Michael Sayeau 

Occupy!: Scenes From Occupied America; edited by Astra Taylor, Keith Gessen et al – review

A collection of essays from those involved in the Occupy movement is both analytical and full of vivid experience, writes Michael Sayeau
  
  

Occupy Wall Street
Occupy Wall Street protesters: unfortunately the writers only represent a small section of the 99%. Photograph: Keystone USA-Zuma/Rex Features Photograph: KeystoneUSA-ZUMA/Rex Features/KeystoneUSA-ZUMA / Rex Features

After the autumn of discontent comes, inevitably, the winter of writing it all up. An enormous amount of ink has been spilled – and even more HTML compiled – detailing the protest movements around the world last year. But while analytical pieces can dry the spontaneity and vitality out of such events, raw reportage can seem to recapitulate the pervasive critique of the movement – that it is yet another example of demand-less, unthinking "symbolic politics".

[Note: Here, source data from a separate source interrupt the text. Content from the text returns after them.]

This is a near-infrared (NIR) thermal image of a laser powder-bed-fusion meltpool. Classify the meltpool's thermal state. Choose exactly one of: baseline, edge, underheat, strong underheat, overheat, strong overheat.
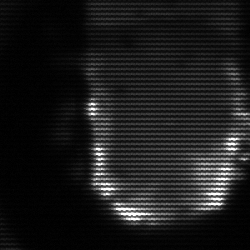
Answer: baseline
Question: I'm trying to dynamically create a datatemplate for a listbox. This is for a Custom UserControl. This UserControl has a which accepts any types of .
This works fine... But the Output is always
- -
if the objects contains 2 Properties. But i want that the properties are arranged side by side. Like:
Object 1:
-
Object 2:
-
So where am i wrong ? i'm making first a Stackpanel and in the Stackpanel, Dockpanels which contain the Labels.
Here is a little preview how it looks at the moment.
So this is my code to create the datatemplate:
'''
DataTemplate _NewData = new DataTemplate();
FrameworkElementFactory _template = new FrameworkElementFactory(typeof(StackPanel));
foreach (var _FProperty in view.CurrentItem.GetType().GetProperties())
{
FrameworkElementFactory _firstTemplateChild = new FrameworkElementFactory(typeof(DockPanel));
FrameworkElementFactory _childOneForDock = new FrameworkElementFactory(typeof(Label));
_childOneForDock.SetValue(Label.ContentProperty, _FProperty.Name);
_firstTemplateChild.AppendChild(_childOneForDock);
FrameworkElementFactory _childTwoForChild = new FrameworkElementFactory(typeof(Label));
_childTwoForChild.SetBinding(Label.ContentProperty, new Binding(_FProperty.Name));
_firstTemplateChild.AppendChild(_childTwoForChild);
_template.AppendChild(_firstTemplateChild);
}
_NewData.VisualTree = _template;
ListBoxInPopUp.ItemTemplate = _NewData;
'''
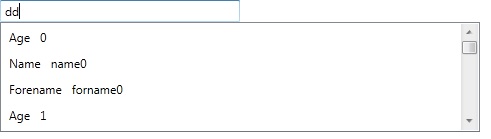
Answer: The default orientation of a 'StackPanel' is vertical.
You'll need to set the orientation to horizontal to get the contents to appear side-by-side.
In the code example in the <URL> it states:
'''
<!-- The items under this StackPanel are stacked Vertically. Note that Orientation
has a default value of "Vertical" but in this example the property is explicitely
set for clarity. -->
'''
Also the default value of the 'DockPanel.Dock' property is Left, though I'm not sure if that's a factor in this case.
<URL>

Occupy!, a collection of pieces commissioned by the New York journal n+1 during last year's events on Wall Street, manages admirably to bridge the gap between analysis and description. Around half the pieces take the form of diary-style reports recording the experience of the writer (or writers) as they encounter, engage with, discuss and consider the occupations. Arranged roughly chronologically, and expanding to record other American occupations as the movement spread across the country, they trace the experiences of what the editors call "participant-observers" in the events.

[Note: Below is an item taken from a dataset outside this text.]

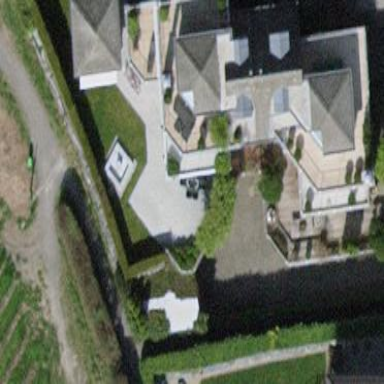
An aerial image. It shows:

These blog-style pieces are interspersed with more substantive writings, which are the true strength of the collection. Some are transcripts of the speeches of visiting intellectual "celebrities", such as Slavoj Zižek and Judith Butler. But most interesting are those by lesser-known writers who bring us vivid historical analyses of various aspects of the occupations. Alex Vitale contextualises the images of police violence against protesters within the changes in policing tactics over the last few decades, most notably the "Broken Windows" theory so famously implemented by New York mayor Rudy Giuliani and his police commissioner, William Bratton. Mark Greif offers a short but analytically astute genealogy of the drumming circles that performed nearly non-stop at one end of Zuccotti Park – and drove many of the occupiers to a state of near madness

Best of all – and something notably missing from so much writing on this and parallel movements – is LA Kauffman's "The Theology of Consensus", which addresses what might be at once the least glamorous and most important aspect of the occupations: the consensus model of decision-making adopted at OWS and other occupations around the world.

Perhaps the most obvious criticism of this collection is that it comes from a rather rarefied slice of what protesters called "the 99%". The list of contributors at the back includes only two people who don't describe themselves as either a writer, artist, editor or academic: one of these is an "activist and organiser", the other a director of a human rights organisation.

But this, too, is emblematic of the Occupy movement as a whole. Its core constituency is overeducated but underpaid and underemployed, despite having ticked all the boxes of late-capitalist ascent. How to expand this movement beyond the justifiably resentful meritocrats is probably the most important question it faces.